If You See Coins Laying on Military Graves, DON’T Touch Them – Instead, Do This… [VIDEO]

This weekend was Memorial Day weekend and for the military community specifically, it’s not just a time for cookouts and going to the beach. For veterans, it’s a time to remember their brothers who didn’t come home and to visit them at their final resting place. And many of these veterans have found a unique way to send special messages to the families of the fallen.

At veterans cemeteries, you may see coins left on tombstones… and they are there to send a specific message. It is meant to let the fallen service member’s family know that a fellow veteran has been there to pay their respects.

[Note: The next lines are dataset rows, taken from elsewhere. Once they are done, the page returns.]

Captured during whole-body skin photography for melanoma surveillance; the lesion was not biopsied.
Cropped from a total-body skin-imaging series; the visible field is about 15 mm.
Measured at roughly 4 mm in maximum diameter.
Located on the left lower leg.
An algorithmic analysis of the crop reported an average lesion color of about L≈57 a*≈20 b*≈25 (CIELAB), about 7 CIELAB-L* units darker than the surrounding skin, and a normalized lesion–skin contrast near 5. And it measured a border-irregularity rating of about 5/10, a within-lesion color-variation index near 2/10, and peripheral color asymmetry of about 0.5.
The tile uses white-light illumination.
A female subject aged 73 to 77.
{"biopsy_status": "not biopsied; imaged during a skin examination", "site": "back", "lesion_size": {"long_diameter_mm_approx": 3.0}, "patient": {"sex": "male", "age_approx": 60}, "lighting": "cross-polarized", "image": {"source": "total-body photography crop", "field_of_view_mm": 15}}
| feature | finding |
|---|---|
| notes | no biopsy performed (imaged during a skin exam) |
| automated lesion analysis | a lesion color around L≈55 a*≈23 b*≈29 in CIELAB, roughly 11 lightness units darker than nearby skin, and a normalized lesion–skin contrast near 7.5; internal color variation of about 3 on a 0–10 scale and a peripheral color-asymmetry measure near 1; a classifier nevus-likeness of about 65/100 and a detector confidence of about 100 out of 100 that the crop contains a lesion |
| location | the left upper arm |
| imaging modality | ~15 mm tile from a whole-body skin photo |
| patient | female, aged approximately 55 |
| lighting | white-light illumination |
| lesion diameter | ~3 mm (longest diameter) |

The coins are left to symbolize the relationship between the fallen and the veteran who visited. And each coin has a specific meaning. A penny is simply to show that someone stopped by the grave to visit and pay respects to the fallen. A nickel indicates that the visitor trained with the fallen, at boot camp or basic training. Dimes let the family members know that the visitor served with the deceased and a quarter tells the family that the visitor was there when the fallen took their last breaths — that they were with them when they died.

Allegedly, this tradition began during the Vietnam War. Anti-war sentiment was at an all-time high, as was anti-military hatred. A covert way of showing respect was needed and it also allowed veterans to reach out to the families of the deceased without having to personally contact them.

What happens to the change after it has been collected? It is believed that the money is collected and used either for the upkeep of the cemetery itself, or to help fund the burial costs of veterans.

For Dave Taylor, a Vietnam veteran, it is an honor to put on his uniform and pay his respects each year. He visits each grave, leaving coins and saluting as he goes, explaining, “It’s a story about life, about sacrifice, and about remembrance.”